Stem Cell Trial Tests Treatment for Often-Fatal COVID-19 Lung Damage

Researchers are studying whether cells drawn from deep inside our bones may hold hope for the sickest of COVID-19 patients who have severe lung injury called acute respiratory distress syndrome, or ARDS.

The clinical trial, led by Michael Matthay, MD, of UC San Francisco, is testing the effects of infusions of stem cells drawn from bone marrow in the hopes of finding a therapy for the deadly syndrome.

Michael Matthay portrait
Michael Matthay, MD

For a patient suffering from ARDS, “tiny air spaces in the lungs fill up with fluid and prevent normal oxygen uptake in the lungs,” said Michael Matthay, MD, professor of medicine at the UCSF School of Medicine. “That’s why the patient has respiratory failure. Usually these patients have to be intubated and treated with a mechanical ventilator.”

There is not currently any drug to treat ARDS, which has a mortality rate of 27 percent for mild cases and 45 percent for the most severe cases. An early study on COVID-19 patients with ARDS found that only about 25 percent survive, though that percentage may be as high as 40 percent, according to Matthay.

Patients in a randomized double blind clinical trial are being given mesenchymal stem cells (MSCs) or placebo to test the effectiveness of the therapy. The trial – ongoing at UCSF, Zuckerberg San Francisco General Hospital, and soon to expand to UC Davis and four other sites in September – hopes to repair the severe and often fatal lung damage in people suffering from ARDS.

“It’s a very interesting possible therapy,” said Matthay. “We’re really in the early phases of understanding these cell-based therapies.”

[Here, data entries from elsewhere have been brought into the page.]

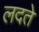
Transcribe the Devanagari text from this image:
लदते
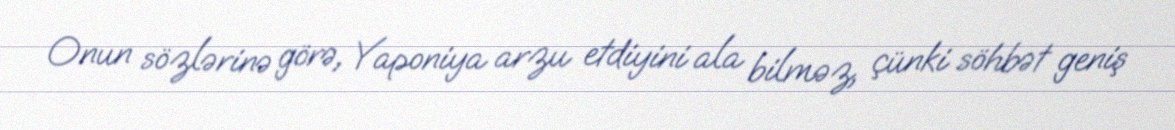
Onun sözlərinə görə, Yaponiya arzu etdiyini ala bilməz, çünki söhbət geniş
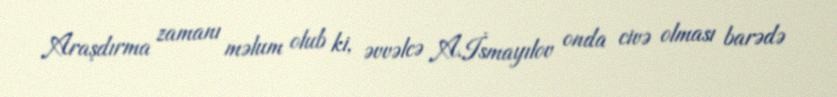
Araşdırma zamanı məlum olub ki, əvvəlcə A.İsmayılov onda civə olması barədə
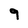
Character: 9
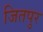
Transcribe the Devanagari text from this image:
जितपुर
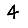
Digit: 4
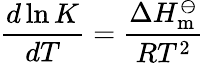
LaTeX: {\frac{d\ln K}{dT}}={\frac{\Delta H_{\mathrm{m}}^{\ominus}}{RT^{2}}}

Cells That Can Modulate Inflammation

MSCs are stromal cells found in bone marrow, play a key role in how our bodies make and repair skeletal tissues – things like bone and cartilage and support the cells in the bone marrow that produce red and white blood cells. Once researchers discovered that MSCs could modulate inflammation when transplanted into other people, they began exploring them as potential therapies for a range of diseases and traumas.

For example, MSCs are often used to stop graft versus host disease, which is when transplant patients from rejecting new organs or bone marrow. More recent studies have focused on an array of potential disease targets because MSCs “have properties that may be useful to treat a variety of human illnesses,” said Matthay. Those include autoimmune diseases like Crohn’s disease and multiple sclerosis, and severe, acute conditions like sepsis and ARDS.

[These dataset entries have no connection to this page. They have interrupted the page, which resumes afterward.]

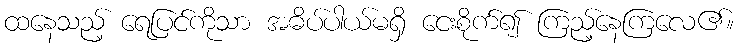
ထနေသည့် ရေပြင်ကိုသာ အဓိပ်ပာယ်မရှိ ငေးစိုက်၍ ကြည့်နေကြလေ၏။
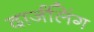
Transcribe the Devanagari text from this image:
दार्जलिंग
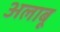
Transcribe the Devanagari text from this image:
अलाबू

ARDS can be caused by trauma, bacterial infection, or a viral infection like COVID-19. In an earlier trial, Matthay and his team showed that MSCs are be safe to use, and that they have promising benefits in treating patients with ARDS. But they do not know how effective the MSC infusions are, and if results vary depending on what caused ARDS in the first place. Would they work better in a patient whose ARDS was caused by trauma? Or maybe they work better in concert with antibiotics used to treat ARDS that was set off by a bacterial infection.

“ARDS is a syndrome of acute respiratory failure that we understand reasonably well, but there’s a lot of heterogeneity in terms of the different mechanisms of injury to the lung and also outcomes,” he said.

Study Turned to COVID-19 Post Outbreak

In this Phase 2 double blind clinical trial – being funded by the Department of Defense, the National Institutes of Health, and the California Institute of Regenerative Medicine – researchers are enrolling 120 ARDS patients. Enrollees are adult ICU patients who are on ventilators with excess fluid in their lungs, and no sign of heart failure as a primary cause of the respiratory failure.

Half of the patients will receive MSCs and half a placebo. As of late August, 28 patients were enrolled in the study, which will run until researchers reach 120 enrollees. The MSCs used in the study have been donated by young, healthy adults via an NIH-supported cell laboratory at the University of Minnesota.

When Matthay launched a new study in early January, he didn’t expect it be a COVID trial. That’s because COVID – as far as was known then – wasn’t in the U.S. But that’s exactly what it inadvertently became since many patients who met the ARDS study criteria were suffering the condition because of COVID-19.

“We started the study in January 2020, and then COVID-19 hit, so we have been enrolling patients over the last eight months,” he said. “Most of the patients we’ve enrolled in the trial have ended up having severe viral pneumonia from COVID.”

Based on these outcomes and further studies on MSCs, Matthay sees them as a possible route for cell-based therapy. Much like cancer treatment isn’t one approach but instead different therapies tailored to the type of cancer cells, use of something like MSCs could be perhaps tailored exactly to whatever specific kind of syndrome of respiratory failure.